Mr. Crawford: I welcome the agreement on beef labelling but the meat that most seriously needs labelling is poultry. When will that be brought into force? The information given to the Joint Committee on Agriculture and Food suggested that very little progress was being made. Poultry producers and consumers are anxious about this because they have no idea where poultry meat comes from, what label it wears and what changes of label are being made on boxes brought in here.
Mr. B. Smith: The Minister consistently raises substantial transformation at the Council of Ministers meeting and at meetings with the Agriculture Commissioner and with Commissioner Kyprianou as well. Yesterday a week ago she raised it at the most recent meeting of the Council of Ministers. It is of interest to the producer, the processor and the consumer.
We have put forward our concerns on this issue very strongly and identified the areas where we believe it needs to be addressed. We hope progress will also be made on the basis of the recent consultative document produced by the Commission. We will keep this issue at the top of the agenda.
Dr. Upton: While I welcome the progress being made for 3 July, it is long overdue. Scarcely a week goes by without some issue arising about labelling, lack of it, or mis-labelling on foods. For example, a couple of weeks ago it was found that Irish honey contained honey from China. The best way to establish the origin of a carton of eggs is to take a peek at the underside of the carton and if one can interpret the code number one will know whether it comes from Ireland, the Czech Republic, Germany, or wherever.

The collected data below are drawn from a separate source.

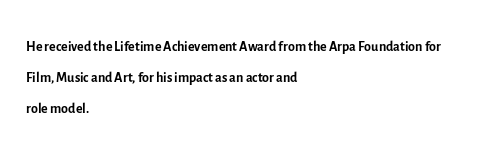
The image shows 20 px text type, upright; set left-aligned, normal line spacing (1.55x), normal letter spacing, not underlined.
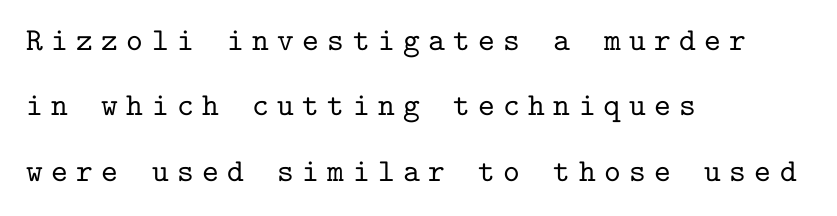
Each new line begins a long way beneath the previous one. The glyphs are unaccompanied by any horizontal stroke below them. The letters stand upright; this is a roman face. Observe the serifs anchoring each vertical stroke in this sample.
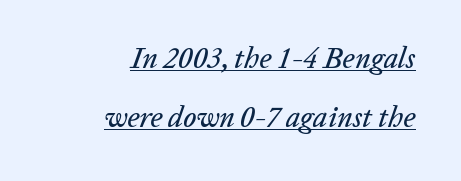
{"italic": "yes", "lean": "right", "slant_degrees": 20, "width": "normal", "stroke_contrast": "low", "x_height": "medium", "monospaced": "no", "underline": "yes", "align": "right", "line_spacing": "loose", "line_spacing_ratio": 2.02, "letter_spacing": "normal", "letter_spacing_em": 0.0, "glyph_px": 29}
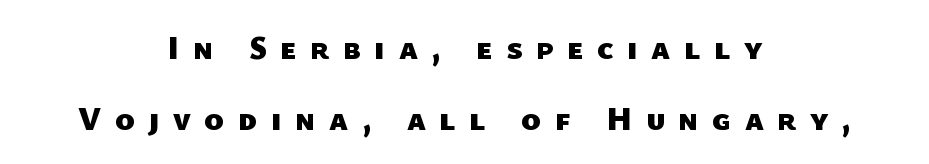
Q: Is the text bold? A: Yes.
Q: Is the typeface a serif or a sans-serif typeface? A: Sans-serif.
Q: Is the text underlined? A: No.
Q: How is the paragraph aligned? A: Centered.
Q: Is the spacing between letters normal or unusually wide? A: Unusually wide.
Q: Is the spacing between lines tight, normal or loose? A: Loose.
Q: Width (condensed, normal, or wide)? A: Normal.
Q: Stroke contrast? A: Low.
Q: x-height? A: Medium.
Q: Monospaced? A: No.
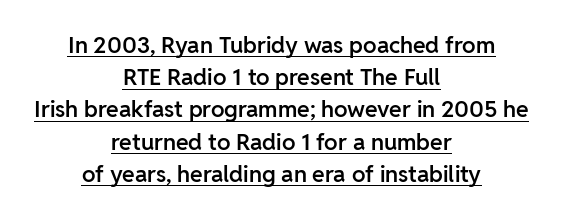
A normal amount of white space separates one row of letters from the next. Caption: standard tracking, unaltered. A somewhat darkened texture: the type is semibold rather than bold. Typeset on center — no edge is straight. Each line of the rendering has a horizontal stroke beneath the glyphs. Does the lettering tilt? It doesn't — this is upright.

The Food Safety Authority lacks resources to ensure that all Irish products can be guaranteed to be what they should be and that the labelling is adequate. I urge the Minister of State to ensure those facilities are provided to the Food Safety Authority, in so far as he is involved in that decision.
Mr. Naughten: I accept the Minister of State’s point about labelling but the Food Safety Authority has highlighted the Department’s failure to police and licence the legislation. What is the Minister of State doing to ensure the current legislation is enforced?

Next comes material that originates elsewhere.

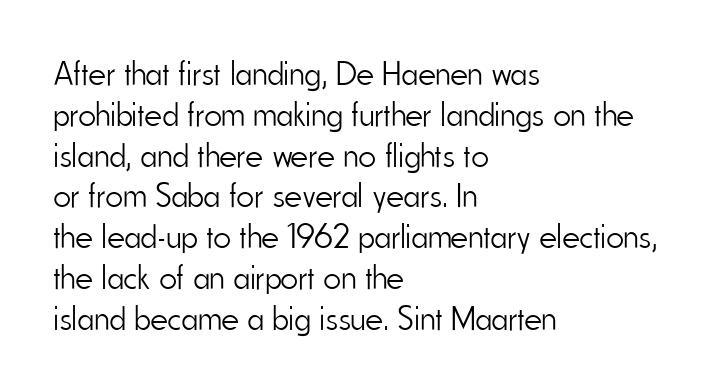
Lines of text with bare space underneath. The typeface chosen for these lines omits serifs. Look at the tracking — it's just the regular setting, nothing added. The text block is weighted toward the left margin, trailing off unevenly rightward.

Mr. B. Smith: The enforcement of food labelling regulations is centralised in the Food Safety Authority of Ireland which ensures that the appropriate controls are carried out by the relevant official agencies.
In response to Deputy Upton, the FSAI stated that in a survey of 20 randomly selected Irish honeys sourced from various manufacturers four were found not to be Irish. The FSAI is working with the various people involved with the retailers to ensure the affected products are removed from sale. It will apply the sanctions appropriate to this issue.